- Your objective -
Exclude the pictures, then restate every entry below exactly.

++++ Listed entries ++++

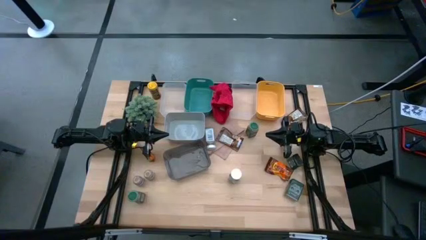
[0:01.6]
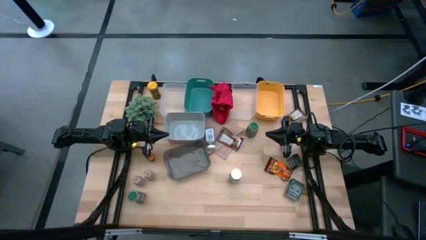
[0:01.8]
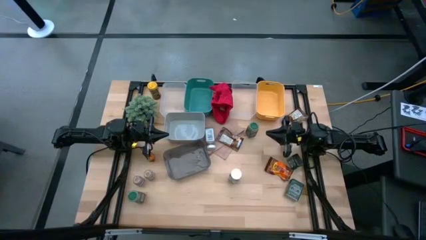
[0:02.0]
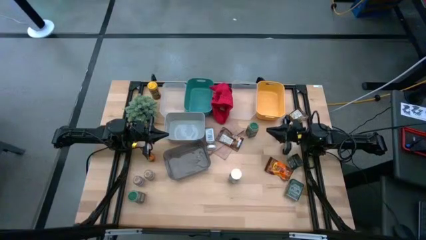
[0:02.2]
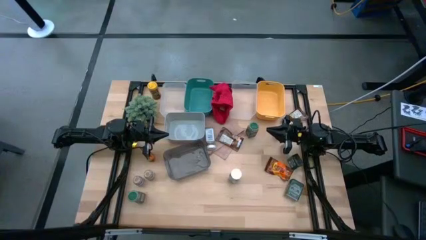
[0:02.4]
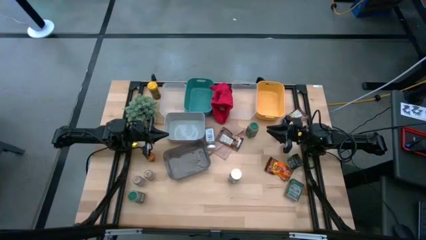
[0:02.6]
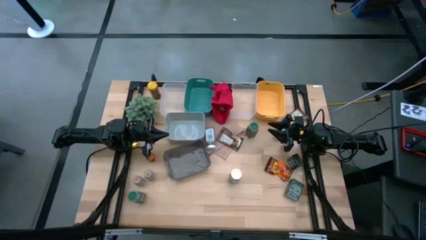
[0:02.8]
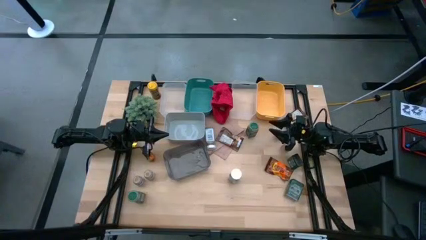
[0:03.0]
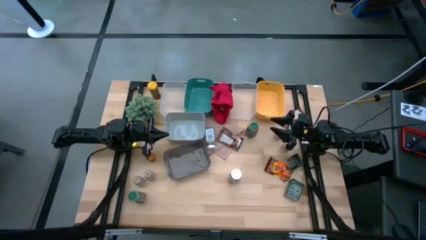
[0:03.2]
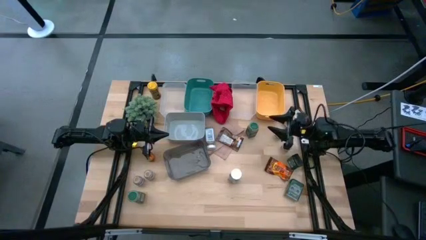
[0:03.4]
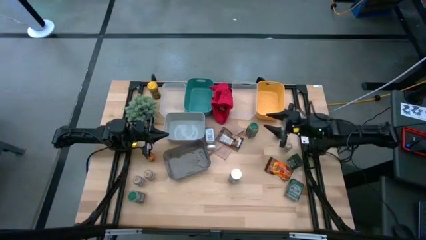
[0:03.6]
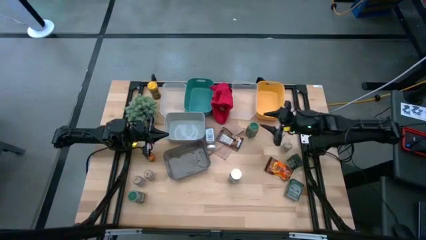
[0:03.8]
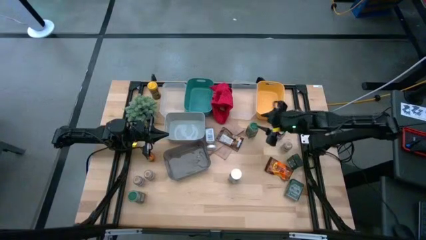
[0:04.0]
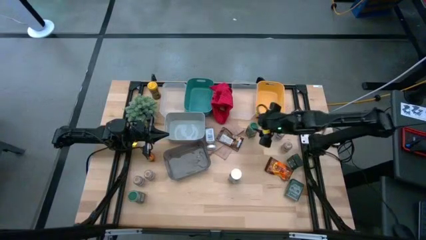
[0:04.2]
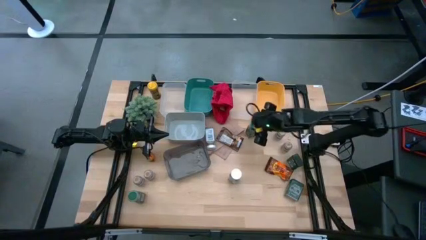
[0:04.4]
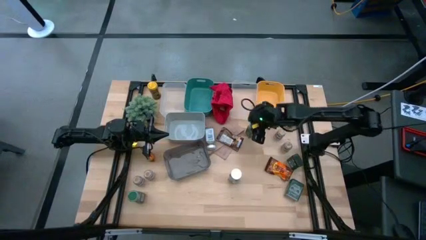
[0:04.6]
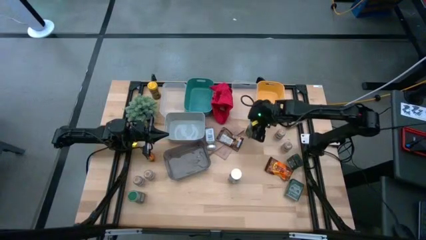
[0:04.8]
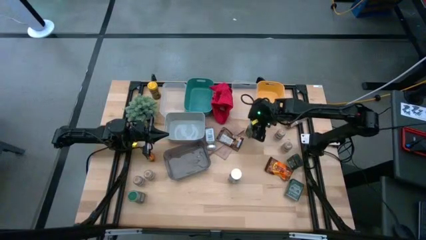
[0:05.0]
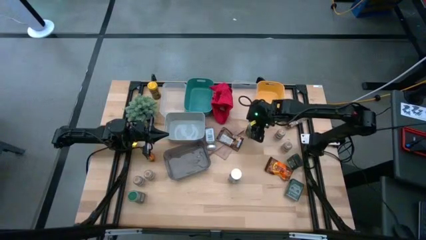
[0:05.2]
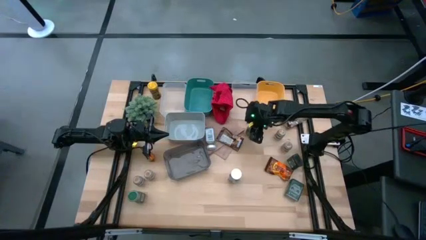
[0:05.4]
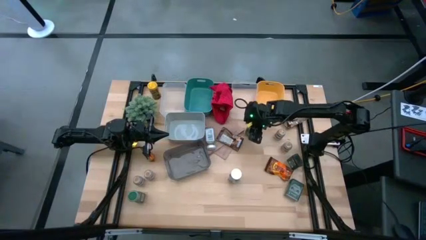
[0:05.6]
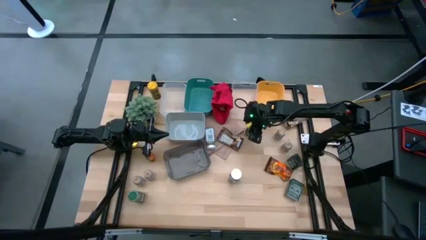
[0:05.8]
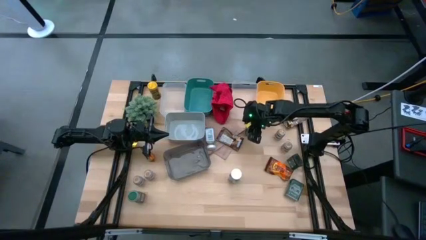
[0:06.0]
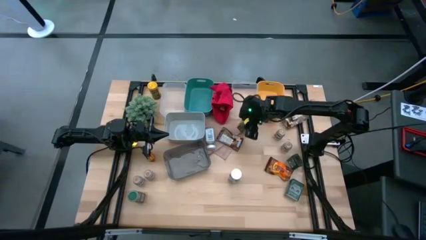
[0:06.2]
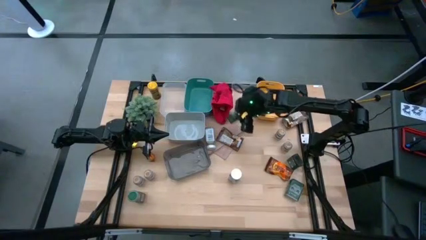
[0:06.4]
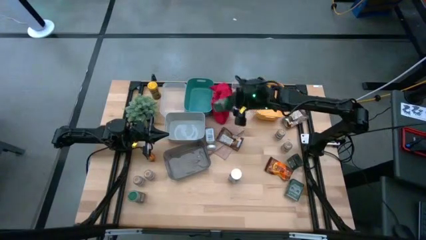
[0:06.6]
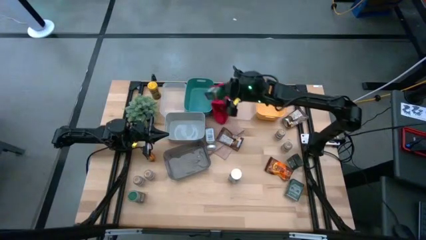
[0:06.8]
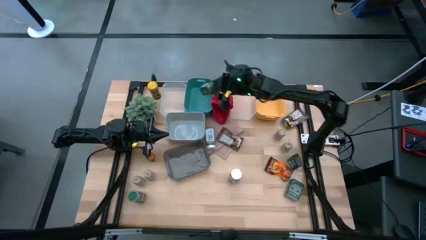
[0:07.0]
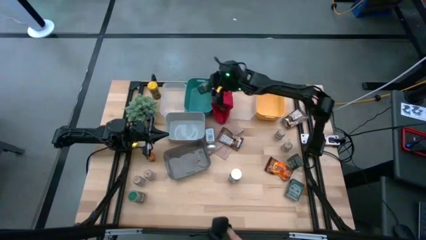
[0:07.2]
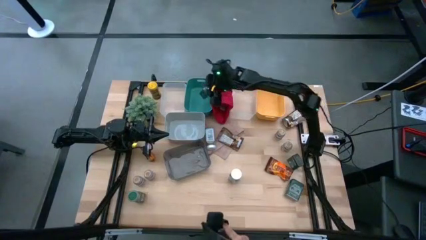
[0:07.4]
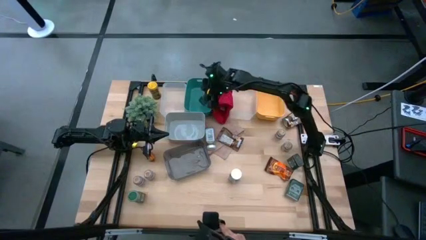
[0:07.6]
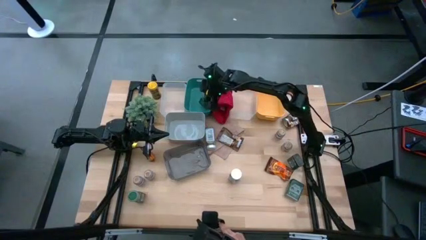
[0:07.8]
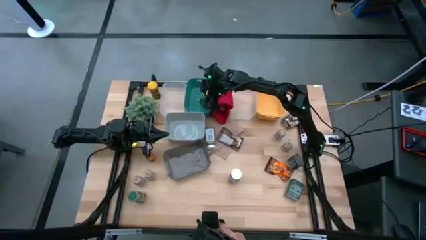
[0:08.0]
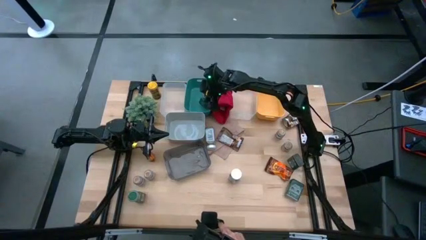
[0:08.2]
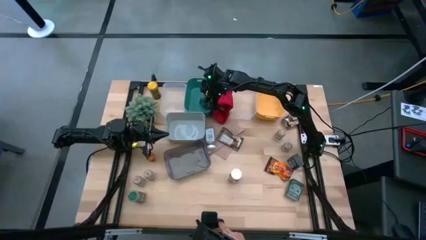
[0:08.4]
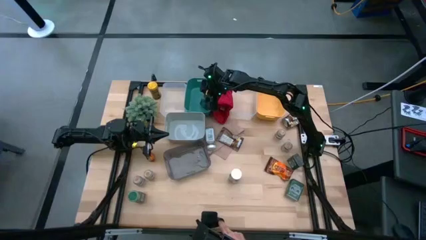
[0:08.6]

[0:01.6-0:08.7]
Task: Sort spices by type
Put the green seasoning bottle into the green bin

++++

- Answer to the problem -
[0:01.6]
[0:01.8]
[0:02.0]
[0:02.2]
[0:02.4]
[0:02.6]
[0:02.8]
[0:03.0]
[0:03.2]
[0:03.4]
[0:03.6]
[0:03.8]
[0:04.0]
[0:04.2]
[0:04.4]
[0:04.6]
[0:04.8]
[0:05.0]
[0:05.2]
[0:05.4]
[0:05.6]
[0:05.8]
[0:06.0]
[0:06.2]
[0:06.4]
[0:06.6]
[0:06.8]
[0:07.0]
[0:07.2]
[0:07.4]
[0:07.6]
[0:07.8]
[0:08.0]
[0:08.2]
[0:08.4]
[0:08.6]

[0:01.6-0:08.7]
Task: Sort spices by type
Put the green seasoning bottle into the green bin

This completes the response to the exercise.